Stored items
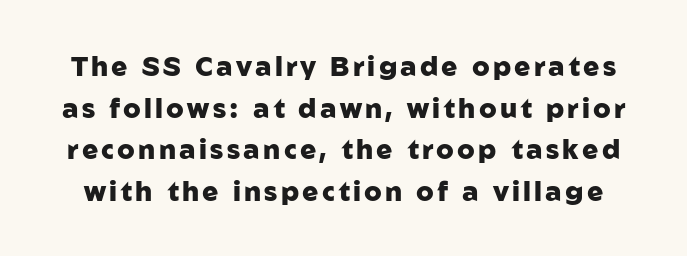
Quick note: underline off. No italicization has been applied; the sample stays upright. The passage shown stacks its lines at a standard gap. Each glyph is drawn with heavy, bold strokes.
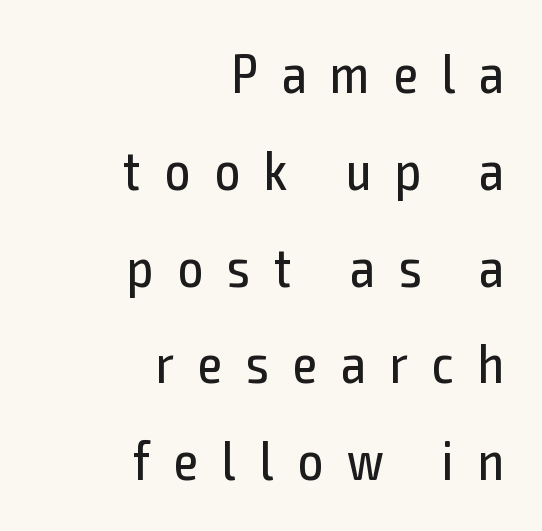
The image shows 55 px regular-weight, condensed sans-serif type, upright; set right-aligned, line spacing 1.76x, unusually wide letter spacing (+0.44 em), not underlined; a medium x-height.
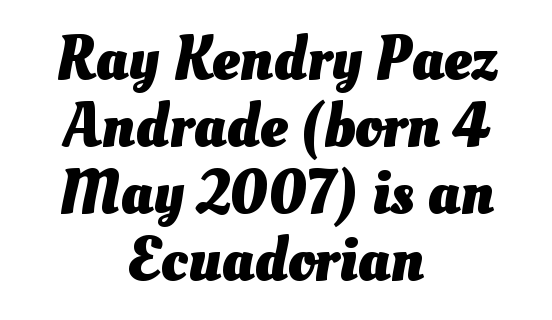
Q: Is the text bold? A: Yes.
Q: Is the text underlined? A: No.
Q: How is the paragraph aligned? A: Centered.
Q: Is the spacing between letters normal or unusually wide? A: Normal.
Q: Is the spacing between lines tight, normal or loose? A: Tight.
Q: Width (condensed, normal, or wide)? A: Normal.
Q: Stroke contrast? A: Medium.
Q: x-height? A: Small.
Q: Monospaced? A: No.
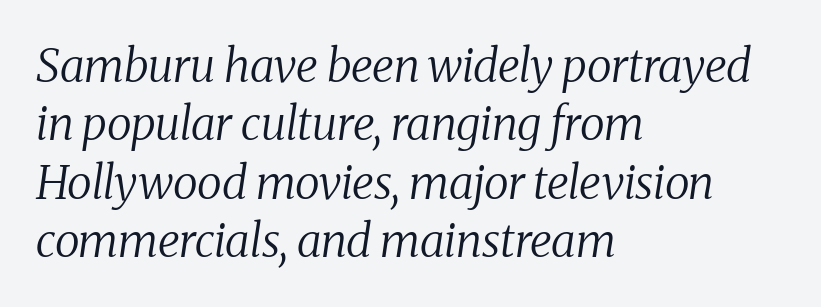
Q: Is the text bold? A: No.
Q: Is the text italic (slanted)? A: Yes, it leans right by about 8 degrees.
Q: Is the typeface a serif or a sans-serif typeface? A: Serif.
Q: Is the text underlined? A: No.
Q: How is the paragraph aligned? A: Left-aligned.
Q: Is the spacing between letters normal or unusually wide? A: Normal.
Q: Is the spacing between lines tight, normal or loose? A: Normal.
Q: Width (condensed, normal, or wide)? A: Normal.
Q: Stroke contrast? A: Medium.
Q: x-height? A: Medium.
Q: Monospaced? A: No.
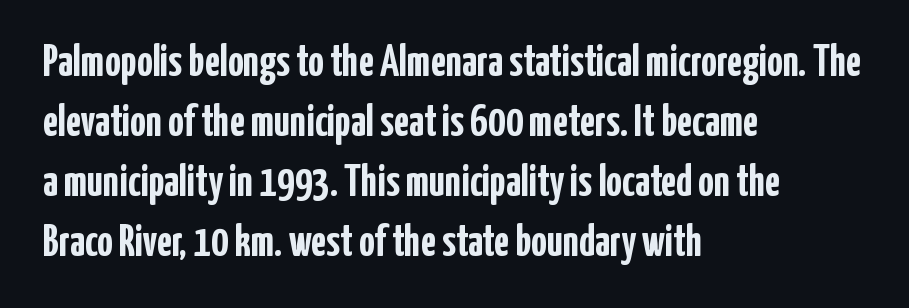
The font's upright variant was chosen for this text. Summary of vertical rhythm: regular, with standard interline spacing. The text was rendered using a sans face with plain stroke endings. The sample has been set heavy, in full bold. A clean baseline with only descenders dipping below it. Note the varied advance widths — an 'i' is clearly narrower than an 'm'.
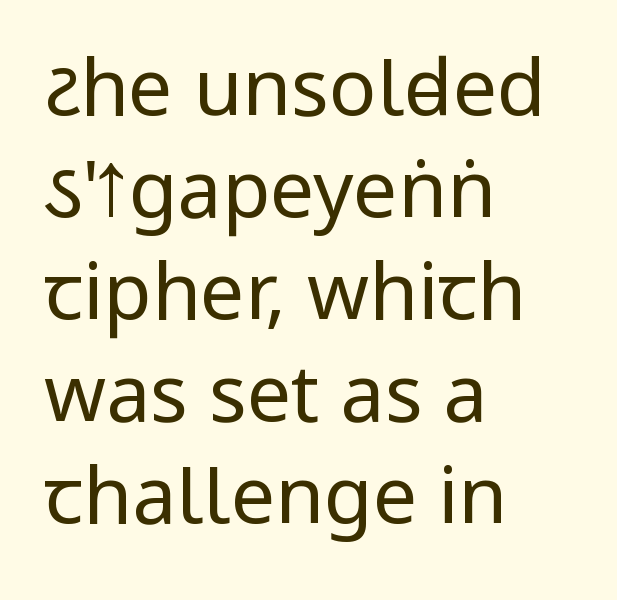
{"serif": "no", "italic": "no", "bold": "no", "weight": "regular", "width": "condensed", "stroke_contrast": "low", "underline": "no", "align": "left", "line_spacing": "normal", "line_spacing_ratio": 1.29, "letter_spacing": "normal", "letter_spacing_em": 0.0, "glyph_px": 79}
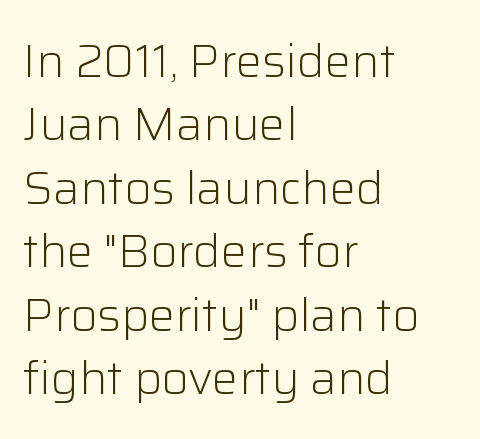
{"serif": "no", "italic": "no", "bold": "no", "weight": "light", "width": "normal", "stroke_contrast": "low", "x_height": "medium", "monospaced": "no", "underline": "no", "align": "left", "line_spacing": "normal", "line_spacing_ratio": 1.35, "letter_spacing": "normal", "letter_spacing_em": 0.0, "glyph_px": 47}
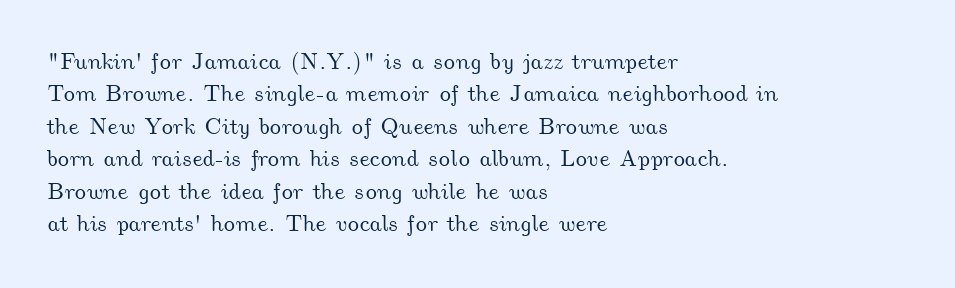
The image shows 23 px text type; set left-aligned, normal line spacing (1.41x), normal letter spacing, not underlined.
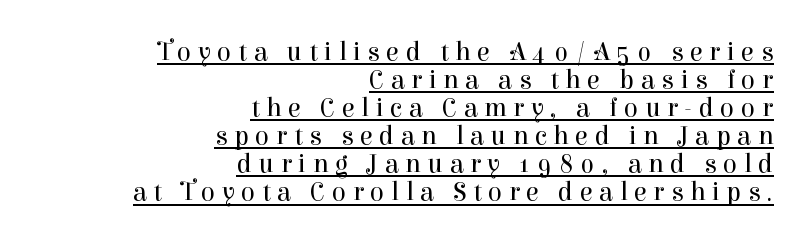
Vertical strokes here are truly vertical. Weight class: somewhere from thin through regular. Compared with typical body copy, the letter spacing here is much looser. Compared with undecorated copy, this sample adds a rule below the words.
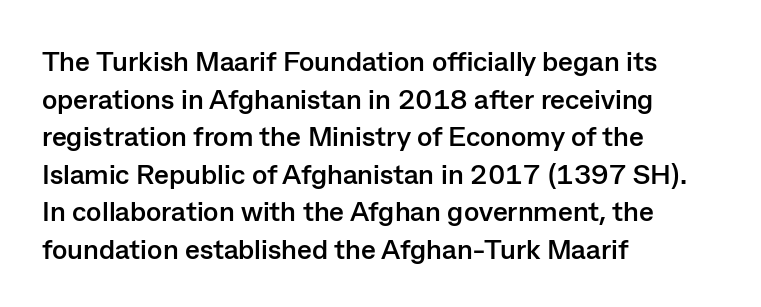
Here the designer chose a conventional face with non-uniform glyph widths. How are the letters spaced? Ordinarily, with no added tracking. The face used here is a sans, in the tradition of grotesques and geometrics. How would I describe the line gaps? Plain and ordinary. The glyphs are unaccompanied by any horizontal stroke below them.
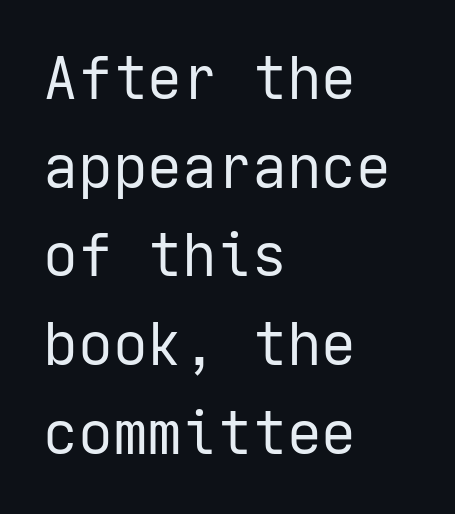
Q: Is the text bold? A: No.
Q: Is the text italic (slanted)? A: No, it is upright.
Q: Is the typeface a serif or a sans-serif typeface? A: Sans-serif.
Q: Is the text underlined? A: No.
Q: How is the paragraph aligned? A: Left-aligned.
Q: Is the spacing between letters normal or unusually wide? A: Normal.
Q: Is the spacing between lines tight, normal or loose? A: Normal.
Q: Width (condensed, normal, or wide)? A: Normal.
Q: Stroke contrast? A: Low.
Q: x-height? A: Medium.
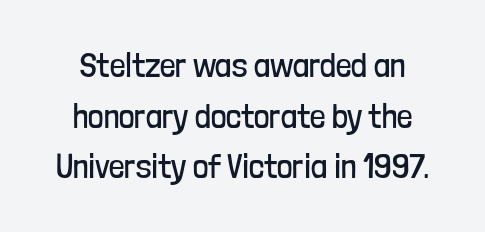
The space beneath each line is pristine and unruled. The leading is moderate, giving the passage an even texture. A typesetter would label this face a sans. This rendering leaves character spacing at its baseline value. The font's upright variant was chosen for this text.
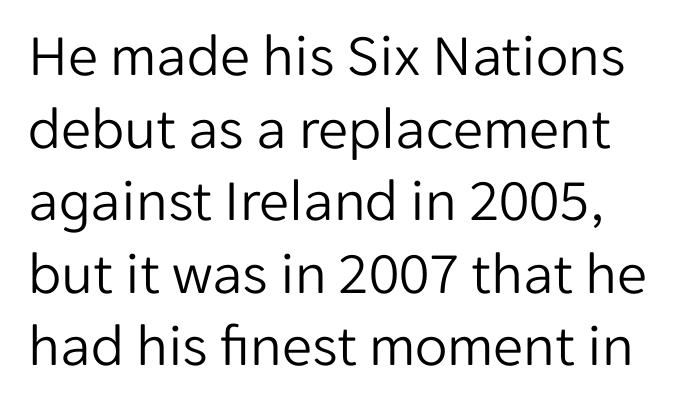
The image shows 60 px light sans-serif type, upright; set left-aligned, line spacing 1.21x, normal letter spacing, not underlined; low stroke contrast and a medium x-height.
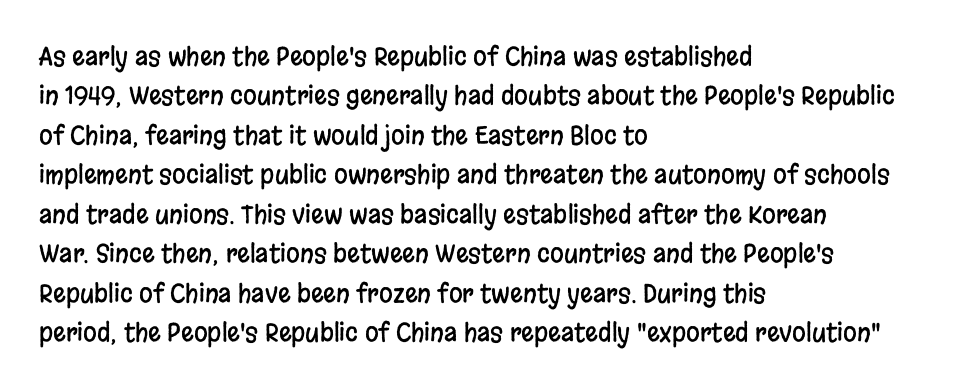
Q: Is the text italic (slanted)? A: No, it is upright.
Q: Is the text underlined? A: No.
Q: How is the paragraph aligned? A: Left-aligned.
Q: Is the spacing between letters normal or unusually wide? A: Normal.
Q: Is the spacing between lines tight, normal or loose? A: Normal.
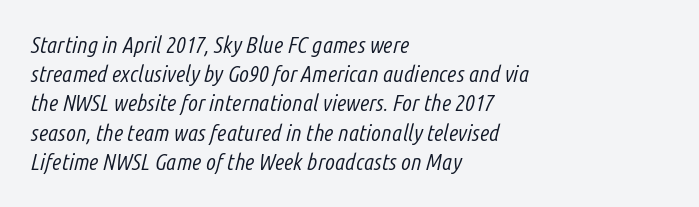
The image shows 23 px text type, italic (leaning right); set left-aligned, normal line spacing (1.27x), normal letter spacing, not underlined.
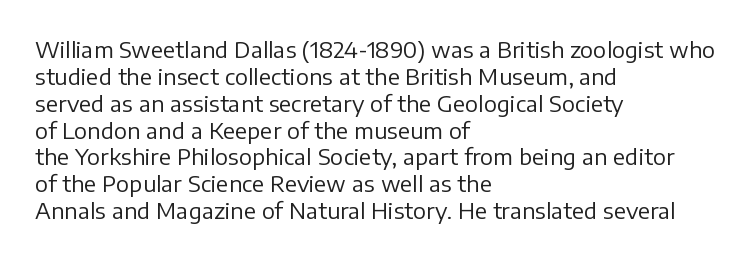
Q: Is the text bold? A: No.
Q: Is the text italic (slanted)? A: No, it is upright.
Q: Is the text underlined? A: No.
Q: How is the paragraph aligned? A: Left-aligned.
Q: Is the spacing between letters normal or unusually wide? A: Normal.
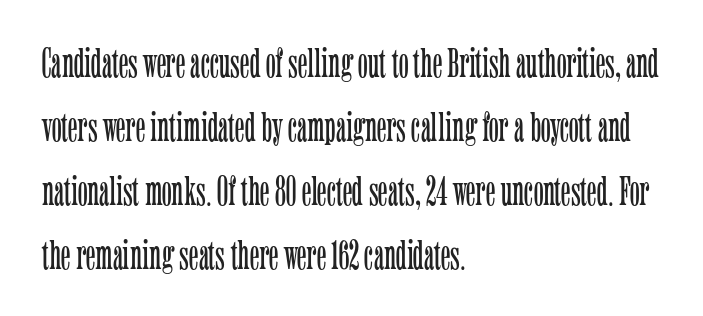
The image shows 41 px light, condensed serif type, upright; set left-aligned, normal line spacing (1.56x), normal letter spacing, not underlined; low stroke contrast and a medium x-height.
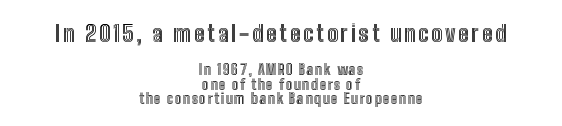
{"italic": "no", "underline": "no", "align": "center", "line_spacing": "tight", "line_spacing_ratio": 1.03, "larger_block": "first", "size_ratio": 1.64, "glyph_px": 23}
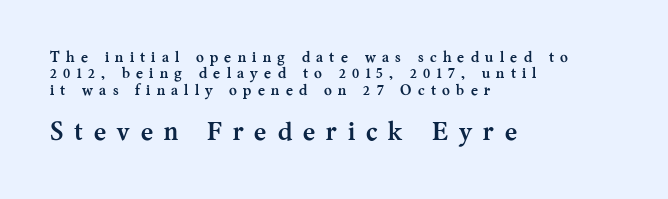
Rule under the text: the space is simply empty. The rag falls on the right side of this text block. The later block is typeset at a bigger size than the earlier block. Whoever set this chose condensed vertical rhythm over breathing room. This sample uses expanded letter spacing, leaving extra air between glyphs.
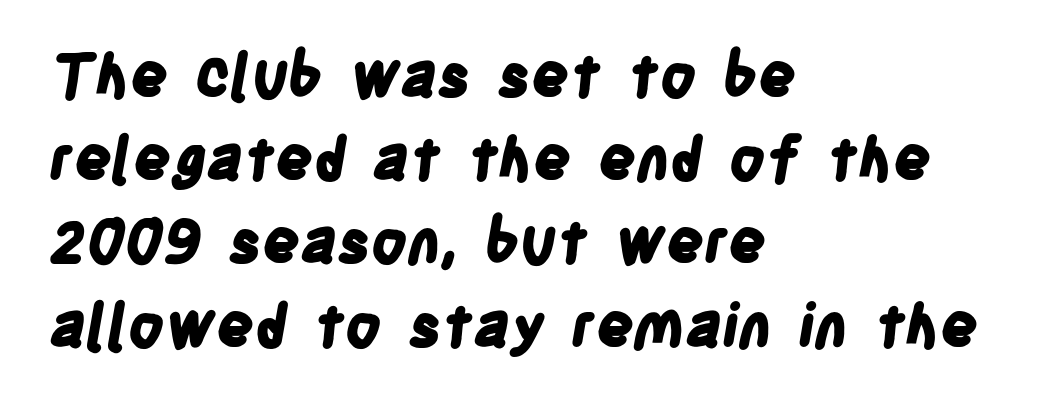
A typesetter would call this leading conventional body-copy spacing. Glance below the letters and you will spot only blank space. These lines are set flush left with a ragged right edge. Character widths vary here, with narrow letters taking less room than wide ones. Nothing unusual about the tracking: characters are spaced as the font intends.
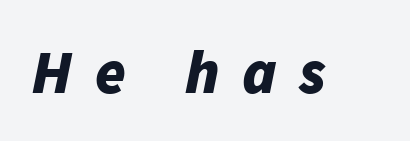
Q: Is the text bold? A: Yes.
Q: Is the text italic (slanted)? A: Yes, it leans right by about 11 degrees.
Q: Is the text underlined? A: No.
Q: Is the spacing between letters normal or unusually wide? A: Unusually wide.
Q: Width (condensed, normal, or wide)? A: Normal.
Q: Stroke contrast? A: Low.
Q: x-height? A: Medium.
Q: Monospaced? A: No.
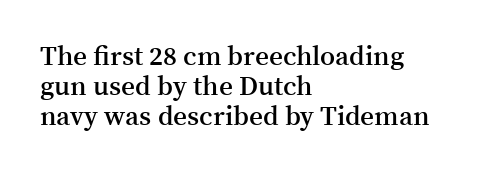
Rule under the text: the space is simply empty. Casual observation: everything's shoved over to the left. In terms of letterspacing, this is plain default setting. In terms of weight, the rendering is demibold, just under bold. Interline gaps are noticeably narrow in this sample.
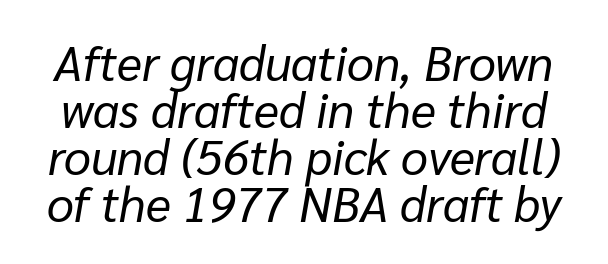
{"italic": "yes", "lean": "right", "slant_degrees": 10, "bold": "no", "weight": "regular", "width": "normal", "stroke_contrast": "low", "x_height": "medium", "monospaced": "no", "underline": "no", "line_spacing": "tight", "line_spacing_ratio": 0.98, "letter_spacing": "normal", "letter_spacing_em": 0.0, "glyph_px": 48}
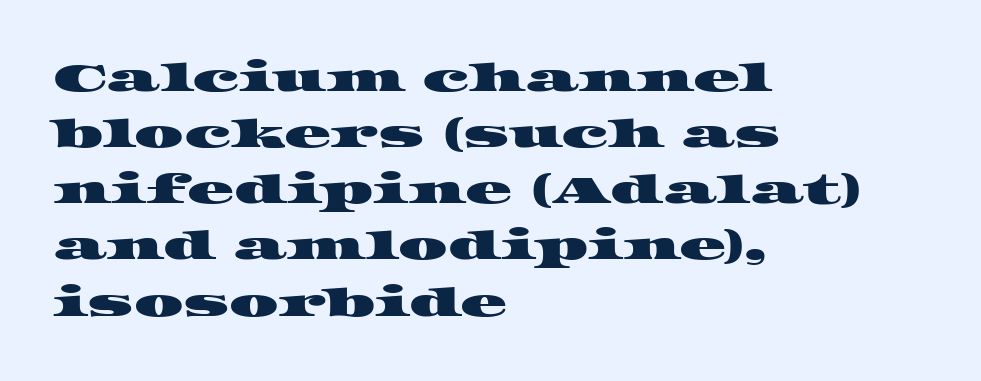
{"serif": "yes", "width": "wide", "stroke_contrast": "high", "x_height": "large", "monospaced": "no", "underline": "no", "align": "left", "line_spacing": "normal", "line_spacing_ratio": 1.44, "letter_spacing": "normal", "letter_spacing_em": 0.0, "glyph_px": 39}
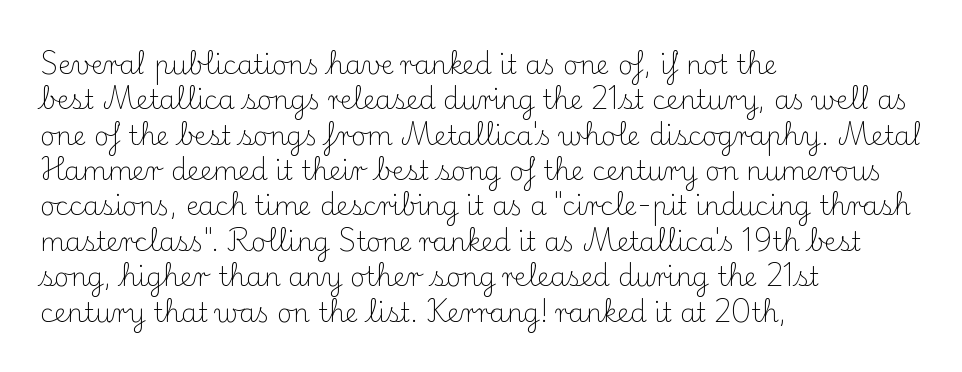
The image shows 26 px text type, upright; set left-aligned, normal line spacing (1.36x), normal letter spacing, not underlined.

- _YOUR TASK_
Of the records above, copy each line that includes "typeface".

- _ANSWER TO THIS EXERCISE_
Q: Is the typeface a serif or a sans-serif typeface? A: Serif.
Q: Is the typeface a serif or a sans-serif typeface? A: Sans-serif.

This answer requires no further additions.